Comparison of Cariostatic Efficacy of Human and Mammalian Statherins

Objectives: It has been shown that the human salivary protein statherin has cariostatic efficacy. However, the amino acid sequence of mammalian statherins varies considerably, but not at the N-terminal hydroxyapatite binding site. The aim was to measure a) the adsorption to hydroxyapatite (HAP) and b) the cariostatic efficacy of four non-human statherin sequences compared with human statherin, and, to correlate. This will give insight into the impact of statherin binding as influenced by its sequence variability on its cariostatic efficacy.
Methods: Statherin sequences of macaque, pig, sheep and cattle were obtained from a genomic sequence database. The N-terminal 21-mer of each protein was synthesised and their concentrations measured spectrophotometrically. The specific adsorption to HAP of each sequence from a 100 µMol solution of peptide onto 1 mg of HAP beads was calculated. The inhibition of demineralisation was measured using scanning microradiography (SMR) of HAP disks exposed to a pH 4.0 caries simulating solution. Both were compared with data previously obtained for human statherin, and a correlation coefficient between both datasets calculated. Secondary sequence prediction software was used to calculate the potential for α-helix formation for each.

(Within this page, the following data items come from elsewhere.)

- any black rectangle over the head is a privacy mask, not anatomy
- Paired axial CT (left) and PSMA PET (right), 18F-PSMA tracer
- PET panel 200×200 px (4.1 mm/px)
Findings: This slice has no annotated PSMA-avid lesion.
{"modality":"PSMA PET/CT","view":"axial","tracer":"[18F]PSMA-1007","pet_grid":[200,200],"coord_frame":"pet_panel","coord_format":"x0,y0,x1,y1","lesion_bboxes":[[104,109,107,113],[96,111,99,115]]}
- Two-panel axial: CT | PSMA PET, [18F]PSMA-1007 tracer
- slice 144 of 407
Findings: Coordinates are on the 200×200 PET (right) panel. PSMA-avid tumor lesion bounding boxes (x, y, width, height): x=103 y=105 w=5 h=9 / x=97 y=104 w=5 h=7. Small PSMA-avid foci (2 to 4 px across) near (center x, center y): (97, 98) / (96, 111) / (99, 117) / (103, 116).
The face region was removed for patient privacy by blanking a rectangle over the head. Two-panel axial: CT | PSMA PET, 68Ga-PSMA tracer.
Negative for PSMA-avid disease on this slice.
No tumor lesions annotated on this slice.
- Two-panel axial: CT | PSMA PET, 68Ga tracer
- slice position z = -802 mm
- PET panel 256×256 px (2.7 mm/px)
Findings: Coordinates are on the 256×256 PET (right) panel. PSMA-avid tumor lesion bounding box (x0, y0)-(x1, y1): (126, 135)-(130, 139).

Results: All statherin sequences showed hydroxyapatite adsorption and demineralisation inhibition as shown in Table 1. The was a positive correlation(R²=0.96) showing that those sequences with higher binding efficacy have higher demineralisation inhibition. There was little relation between helix formation predictions and either binding or cariostatic efficacy.

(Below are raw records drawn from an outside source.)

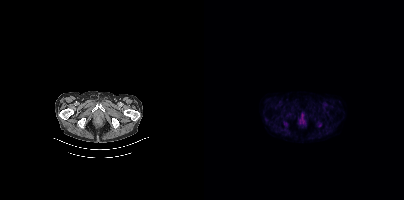
Negative for PSMA-avid disease on this slice.
modality: PSMA PET/CT | tracer: [18F]PSMA-1007 | view: axial
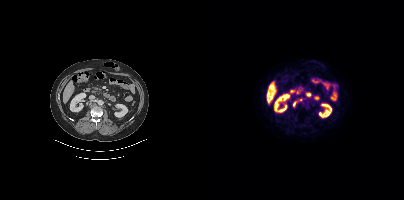
{"modality":"PSMA PET/CT","view":"axial","tracer":"[18F]PSMA-1007","pet_grid":[200,200],"coord_frame":"pet_panel","coord_format":"x0,y0,x1,y1","partial":true,"lesion_bboxes":[[94,98,98,101]],"small_foci_centers":[[90,104]]}
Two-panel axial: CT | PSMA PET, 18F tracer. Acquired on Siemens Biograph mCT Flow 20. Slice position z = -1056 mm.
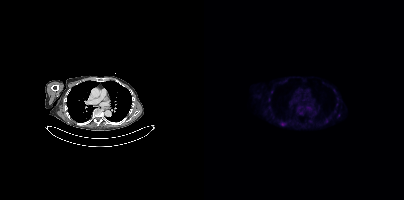
Coordinates are on the 200×200 PET (right) panel. (showing 2 of 3 foci) Small PSMA-avid foci (2 to 4 px across) near (center x, center y): (78, 124) / (133, 98).
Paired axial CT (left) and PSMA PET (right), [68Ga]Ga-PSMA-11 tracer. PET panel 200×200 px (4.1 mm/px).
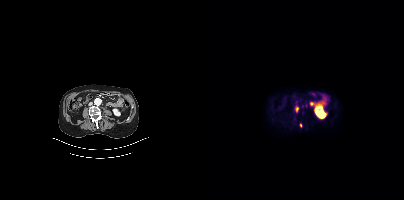
Coordinates are on the 200×200 PET (right) panel. PSMA-avid tumor lesion bounding boxes (x0,y0,x1,y1): [92,107,94,111]; [96,123,98,127]. Small PSMA-avid focus (2 to 4 px across) near (center x, center y): (98, 106).
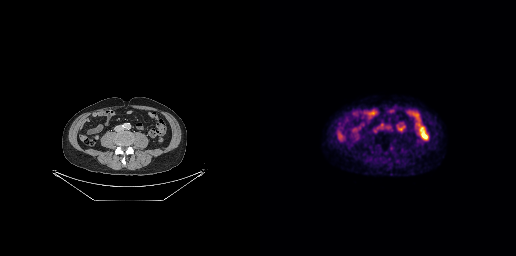
Left: CT. Right: PSMA PET, same axial level, 18F tracer. Acquired on GE Discovery 690. Slice position z = -547 mm. Coordinates are on the 256×256 PET (right) panel. Small PSMA-avid focus (2 to 4 px across) near (center x, center y): (121, 124).
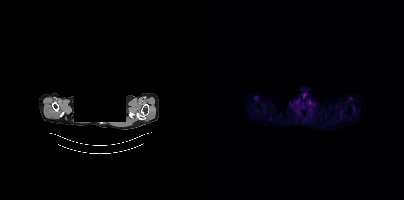
No tumor lesions annotated on this slice. Two-panel axial: CT | PSMA PET, [18F]PSMA-1007 tracer. Slice 366 of 423. PET panel 200×200 px (4.1 mm/px). A rectangle over the head was blacked out to remove identifiable facial features.
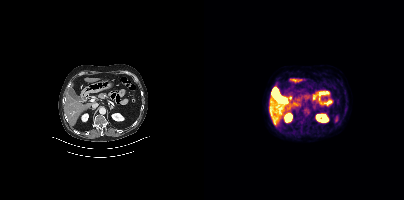
- Paired axial CT (left) and PSMA PET (right), 18F-PSMA tracer
- slice 239 of 454
Findings: No PSMA-avid tumor lesions on this slice.
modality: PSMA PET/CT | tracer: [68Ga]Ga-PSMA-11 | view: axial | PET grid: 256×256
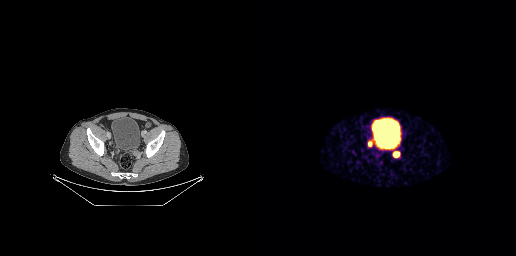
Coordinates are on the 256×256 PET (right) panel. PSMA-avid tumor lesion bounding boxes (x0, y0)-(x1, y1): (133, 151)-(139, 157); (108, 141)-(112, 145); (118, 145)-(122, 147).
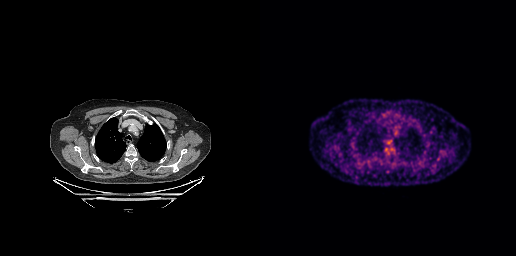
{"pet_grid":[256,256],"coord_frame":"pet_panel","coord_format":"x0,y0,x1,y1","psma_avid_lesions":false,"modality":"PSMA PET/CT","view":"axial","tracer":"18F"}
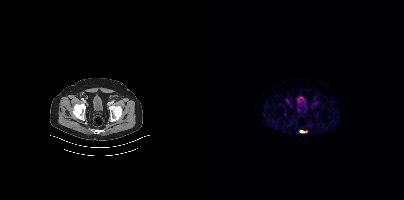
Coordinates are on the 200×200 PET (right) panel. PSMA-avid tumor lesion bounding boxes:
| # | x0 | y0 | x1 | y1 |
|---|---|---|---|---|
| 1 | 96 | 131 | 100 | 132 |
Two-panel axial: CT | PSMA PET, [18F]PSMA-1007 tracer. Slice position z = -776 mm. PET panel 200×200 px (4.1 mm/px).
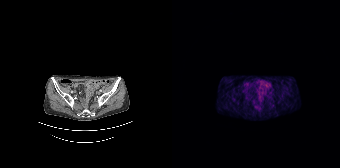
Negative for PSMA-avid disease on this slice. Two-panel axial: CT | PSMA PET, 68Ga tracer. Slice position z = -1288 mm. PET panel 168×168 px (4.1 mm/px).
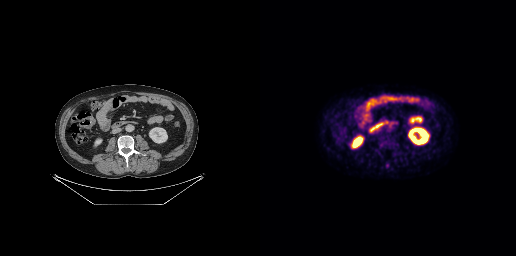
This slice has no annotated PSMA-avid lesion.
modality: PSMA PET/CT | tracer: 18F-PSMA | view: axial | PET grid: 256×256
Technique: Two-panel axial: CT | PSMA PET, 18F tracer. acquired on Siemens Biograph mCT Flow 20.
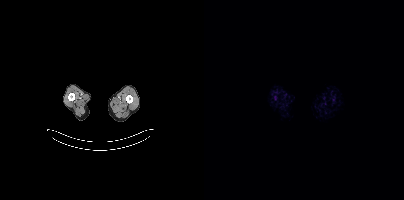
Findings: This slice has no annotated PSMA-avid lesion.
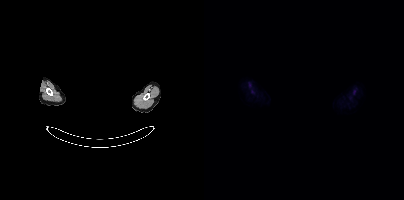
Negative for PSMA-avid disease on this slice. De-identified by setting a box covering the face to black before release. Two-panel axial: CT | PSMA PET, 18F tracer. Slice 393 of 431. PET panel 200×200 px (4.1 mm/px).
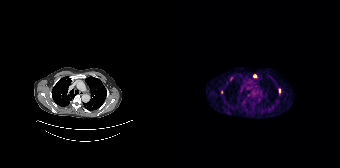
- Paired axial CT (left) and PSMA PET (right), 68Ga-PSMA tracer
- slice position z = -440 mm
Findings: Coordinates are on the 168×168 PET (right) panel. Small PSMA-avid foci (2 to 4 px across) near (center x, center y): (107, 90); (49, 92); (83, 75).
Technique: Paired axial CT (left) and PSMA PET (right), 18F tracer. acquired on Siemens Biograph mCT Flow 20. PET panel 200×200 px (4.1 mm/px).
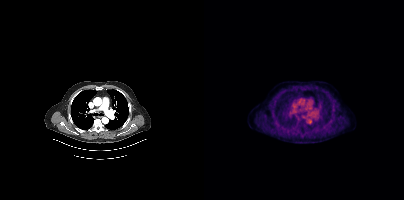
Findings: No PSMA-avid tumor lesions on this slice.
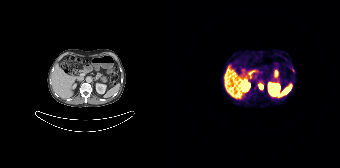
modality: PSMA PET/CT | tracer: 68Ga-PSMA | view: axial | PET grid: 168×168
Coordinates are on the 168×168 PET (right) panel. Small PSMA-avid focus (2 to 4 px across) near (center x, center y): (88, 86).
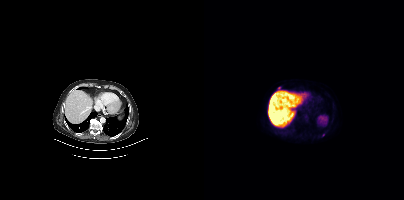
Findings: Coordinates are on the 200×200 PET (right) panel. Small PSMA-avid foci (2 to 4 px across) near (center x, center y): (75, 88) | (119, 135).
- Paired axial CT (left) and PSMA PET (right), 18F tracer
- slice position z = -610 mm
- PET panel 200×200 px (4.1 mm/px)
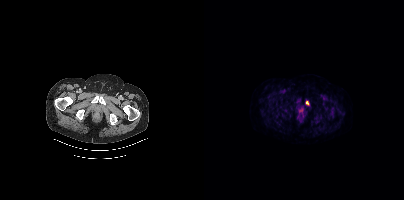
Technique: Two-panel axial: CT | PSMA PET, 18F tracer. acquired on Siemens Biograph mCT Flow 20. slice position z = -884 mm. PET panel 200×200 px (4.1 mm/px).
Findings: Coordinates are on the 200×200 PET (right) panel. PSMA-avid tumor lesion bounding box (x0,y0,x1,y1): [102,101,105,105].
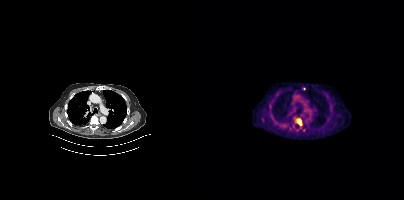
{"modality":"PSMA PET/CT","view":"axial","tracer":"18F","pet_grid":[200,200],"coord_frame":"pet_panel","coord_format":"x0,y0,x1,y1","partial":true,"lesion_bboxes":[[93,119,97,125]]}
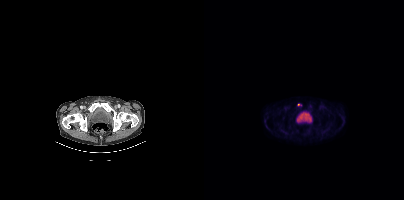
Findings: Coordinates are on the 200×200 PET (right) panel. Small PSMA-avid focus (2 to 4 px across) near (center x, center y): (94, 104).
Technique: Two-panel axial: CT | PSMA PET, [18F]PSMA-1007 tracer. acquired on Siemens Biograph mCT Flow 20. slice position z = -431 mm. PET panel 200×200 px (4.1 mm/px).

Conclusions: The amino acid sequence of statherins varies considerably after the initial N-terminal pentapeptide, however all similarly bind to HAP and similarly inhibit demineralisation. There is no evidence that the diet and digestive systems are related to their effectiveness. The small differences in binding correlate positively with their cariostatic efficacy, and therefore increased binding increases cariostatic efficacy. The ability of the N-terminal to form helices in its solution does not impact on either. However, it is likely that such secondary structure is only conferred following binding to HAP.